[Records drawn from a dataset]
• • • • • • •

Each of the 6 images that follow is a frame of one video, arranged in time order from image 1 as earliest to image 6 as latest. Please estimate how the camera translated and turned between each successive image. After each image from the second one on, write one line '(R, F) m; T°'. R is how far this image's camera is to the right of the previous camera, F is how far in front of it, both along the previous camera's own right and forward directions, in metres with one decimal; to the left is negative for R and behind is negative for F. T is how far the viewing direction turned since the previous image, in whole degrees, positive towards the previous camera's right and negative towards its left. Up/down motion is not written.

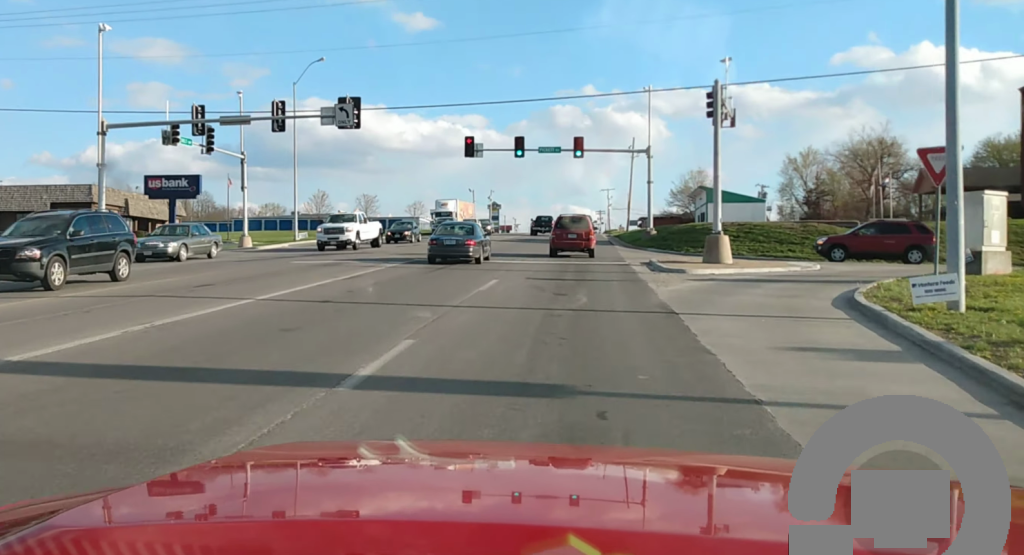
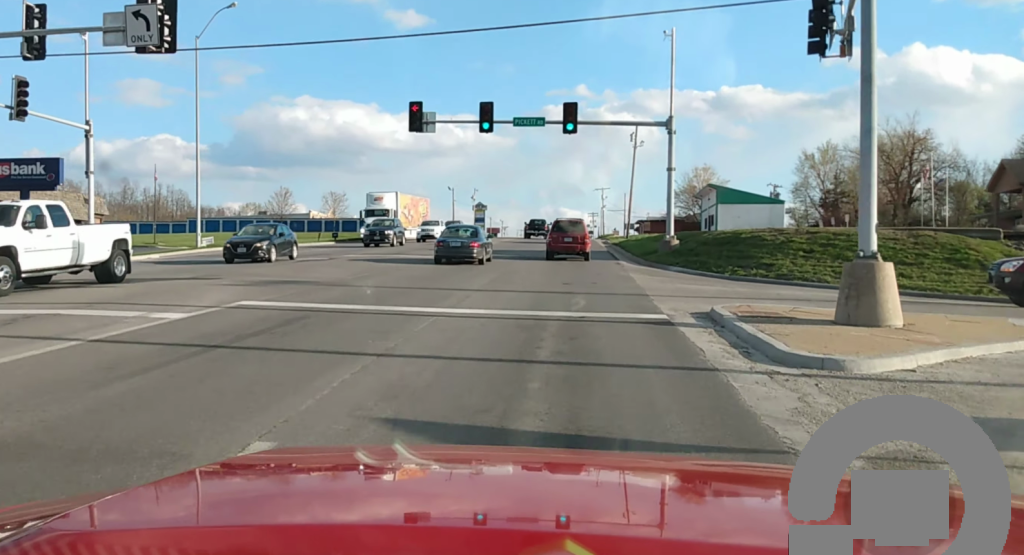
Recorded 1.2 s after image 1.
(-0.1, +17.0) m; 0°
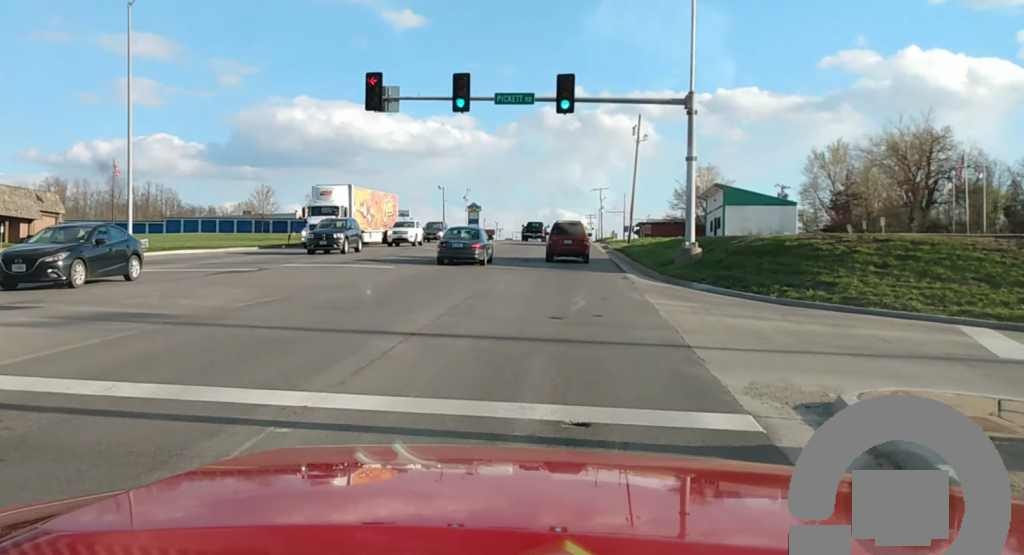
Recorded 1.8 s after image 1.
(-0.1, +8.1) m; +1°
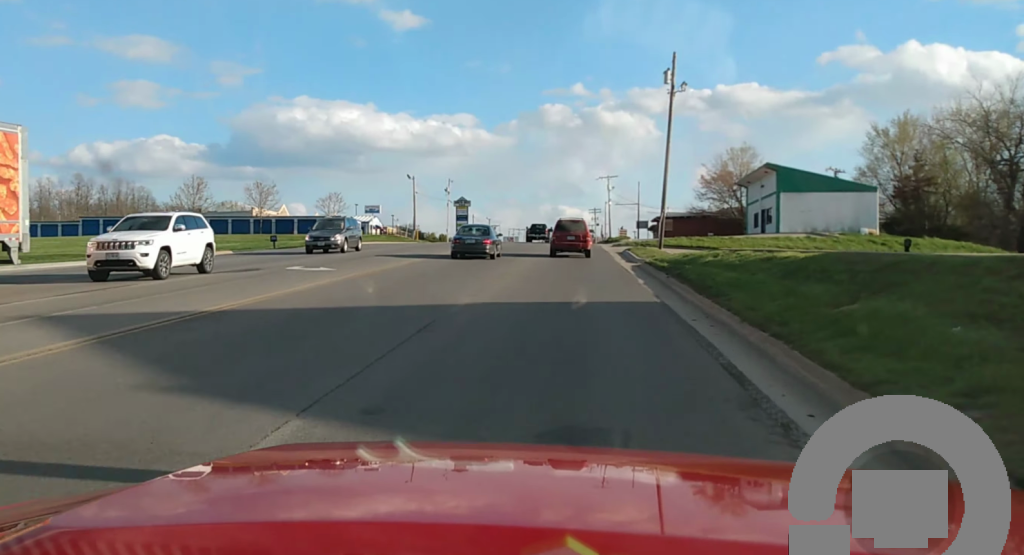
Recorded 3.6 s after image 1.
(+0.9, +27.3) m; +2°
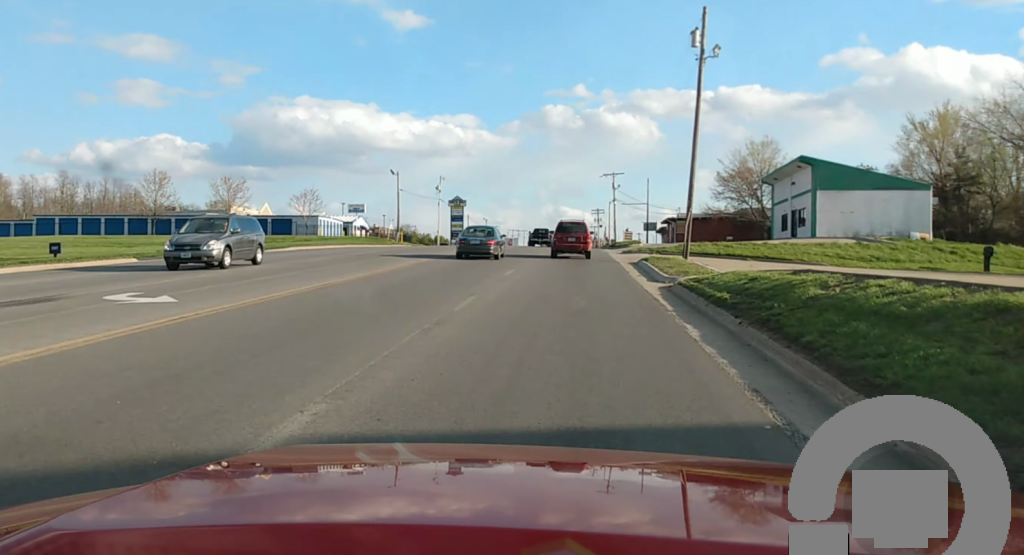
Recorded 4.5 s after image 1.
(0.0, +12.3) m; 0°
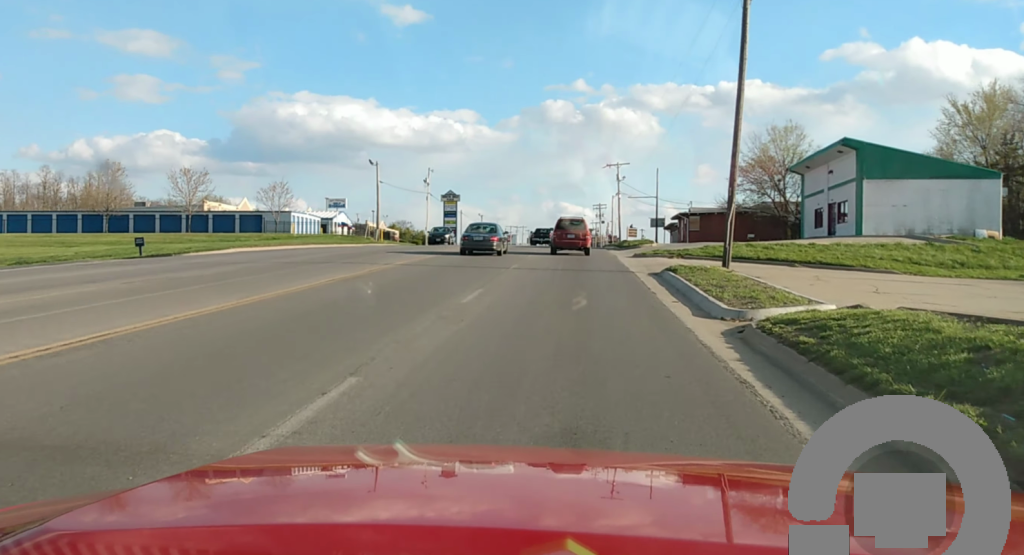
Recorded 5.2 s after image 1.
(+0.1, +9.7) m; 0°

• • • • • • •

> _Task directions_
Copy the records exactly. Skip the pictures.

> _Response to this exercise_
Each of the 6 images that follow is a frame of one video, arranged in time order from image 1 as earliest to image 6 as latest. Please estimate how the camera translated and turned between each successive image. After each image from the second one on, write one line '(R, F) m; T°'. R is how far this image's camera is to the right of the previous camera, F is how far in front of it, both along the previous camera's own right and forward directions, in metres with one decimal; to the left is negative for R and behind is negative for F. T is how far the viewing direction turned since the previous image, in whole degrees, positive towards the previous camera's right and negative towards its left. Up/down motion is not written.

Recorded 1.2 s after image 1.
(-0.1, +17.0) m; 0°
Recorded 1.8 s after image 1.
(-0.1, +8.1) m; +1°
Recorded 3.6 s after image 1.
(+0.9, +27.3) m; +2°
Recorded 4.5 s after image 1.
(0.0, +12.3) m; 0°
Recorded 5.2 s after image 1.
(+0.1, +9.7) m; 0°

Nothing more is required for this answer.